**Task statement:**
Please repeat the records exactly, keeping the pictures out.

(Data for this task)

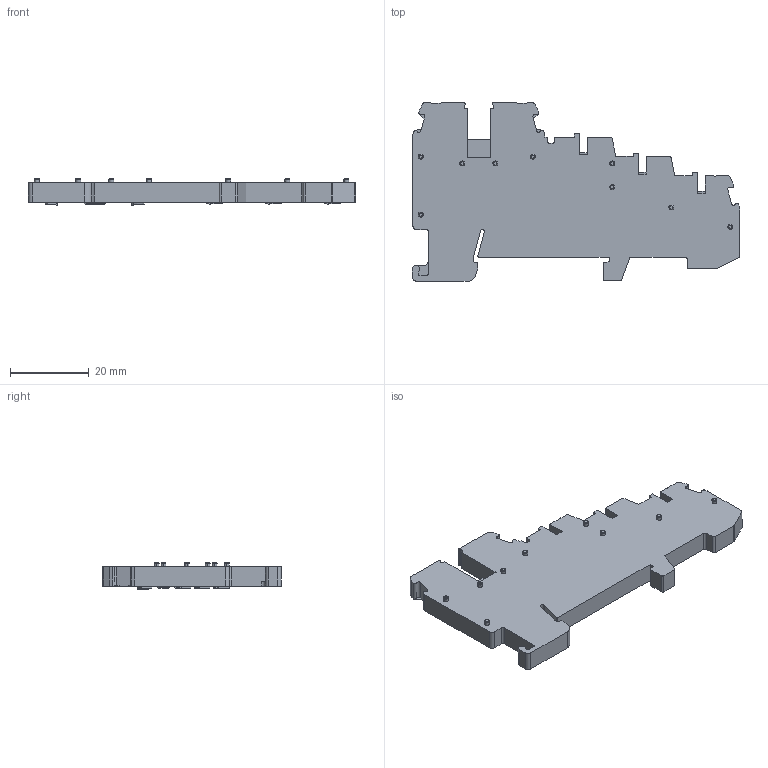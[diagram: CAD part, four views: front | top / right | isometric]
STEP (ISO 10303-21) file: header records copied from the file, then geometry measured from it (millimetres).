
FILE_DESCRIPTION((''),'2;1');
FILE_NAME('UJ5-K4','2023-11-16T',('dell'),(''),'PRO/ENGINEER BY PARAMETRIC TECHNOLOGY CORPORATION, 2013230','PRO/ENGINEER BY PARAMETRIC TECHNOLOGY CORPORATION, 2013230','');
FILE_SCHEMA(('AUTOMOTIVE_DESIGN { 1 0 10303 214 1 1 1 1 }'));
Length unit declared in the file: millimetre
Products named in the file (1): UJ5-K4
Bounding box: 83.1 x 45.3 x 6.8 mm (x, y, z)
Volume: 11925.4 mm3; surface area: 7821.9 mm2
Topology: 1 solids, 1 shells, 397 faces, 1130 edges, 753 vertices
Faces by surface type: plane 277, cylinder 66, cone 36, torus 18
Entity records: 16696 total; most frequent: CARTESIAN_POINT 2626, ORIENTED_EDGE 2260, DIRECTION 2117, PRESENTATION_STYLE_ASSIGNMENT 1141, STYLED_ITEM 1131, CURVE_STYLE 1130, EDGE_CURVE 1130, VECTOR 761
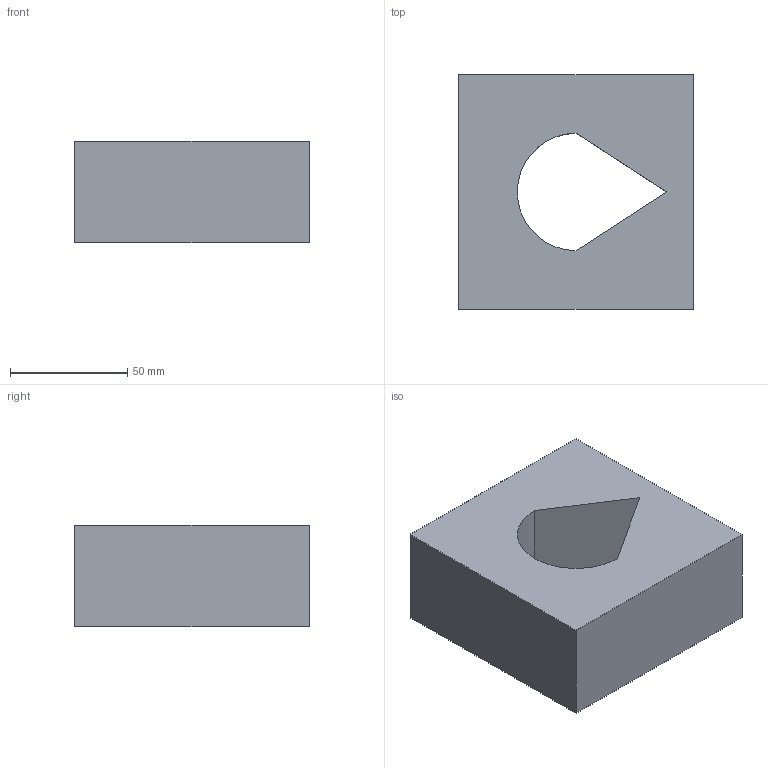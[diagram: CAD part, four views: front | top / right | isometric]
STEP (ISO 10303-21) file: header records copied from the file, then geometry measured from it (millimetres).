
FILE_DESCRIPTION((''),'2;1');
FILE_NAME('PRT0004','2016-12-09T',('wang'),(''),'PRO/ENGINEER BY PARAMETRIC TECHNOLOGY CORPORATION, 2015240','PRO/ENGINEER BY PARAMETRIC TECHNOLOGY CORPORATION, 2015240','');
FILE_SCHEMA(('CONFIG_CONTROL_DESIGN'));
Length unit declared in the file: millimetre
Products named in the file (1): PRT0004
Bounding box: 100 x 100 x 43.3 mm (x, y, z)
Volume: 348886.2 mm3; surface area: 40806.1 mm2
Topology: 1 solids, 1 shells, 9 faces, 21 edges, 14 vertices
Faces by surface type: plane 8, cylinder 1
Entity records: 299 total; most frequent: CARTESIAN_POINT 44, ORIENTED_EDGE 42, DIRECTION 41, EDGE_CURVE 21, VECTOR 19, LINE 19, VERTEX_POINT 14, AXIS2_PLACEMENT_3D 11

(End Data for this task)

**Task response:**
[diagram: CAD part, four views: front | top / right | isometric]
STEP (ISO 10303-21) file: header records copied from the file, then geometry measured from it (millimetres).
FILE_DESCRIPTION((''),'2;1');
FILE_NAME('UJ5-K4','2023-11-16T',('dell'),(''),'PRO/ENGINEER BY PARAMETRIC TECHNOLOGY CORPORATION, 2013230','PRO/ENGINEER BY PARAMETRIC TECHNOLOGY CORPORATION, 2013230','');
FILE_SCHEMA(('AUTOMOTIVE_DESIGN { 1 0 10303 214 1 1 1 1 }'));
Length unit declared in the file: millimetre
Products named in the file (1): UJ5-K4
Bounding box: 83.1 x 45.3 x 6.8 mm (x, y, z)
Volume: 11925.4 mm3; surface area: 7821.9 mm2
Topology: 1 solids, 1 shells, 397 faces, 1130 edges, 753 vertices
Faces by surface type: plane 277, cylinder 66, cone 36, torus 18
Entity records: 16696 total; most frequent: CARTESIAN_POINT 2626, ORIENTED_EDGE 2260, DIRECTION 2117, PRESENTATION_STYLE_ASSIGNMENT 1141, STYLED_ITEM 1131, CURVE_STYLE 1130, EDGE_CURVE 1130, VECTOR 761
[diagram: CAD part, four views: front | top / right | isometric]
STEP (ISO 10303-21) file: header records copied from the file, then geometry measured from it (millimetres).
FILE_DESCRIPTION((''),'2;1');
FILE_NAME('PRT0004','2016-12-09T',('wang'),(''),'PRO/ENGINEER BY PARAMETRIC TECHNOLOGY CORPORATION, 2015240','PRO/ENGINEER BY PARAMETRIC TECHNOLOGY CORPORATION, 2015240','');
FILE_SCHEMA(('CONFIG_CONTROL_DESIGN'));
Length unit declared in the file: millimetre
Products named in the file (1): PRT0004
Bounding box: 100 x 100 x 43.3 mm (x, y, z)
Volume: 348886.2 mm3; surface area: 40806.1 mm2
Topology: 1 solids, 1 shells, 9 faces, 21 edges, 14 vertices
Faces by surface type: plane 8, cylinder 1
Entity records: 299 total; most frequent: CARTESIAN_POINT 44, ORIENTED_EDGE 42, DIRECTION 41, EDGE_CURVE 21, VECTOR 19, LINE 19, VERTEX_POINT 14, AXIS2_PLACEMENT_3D 11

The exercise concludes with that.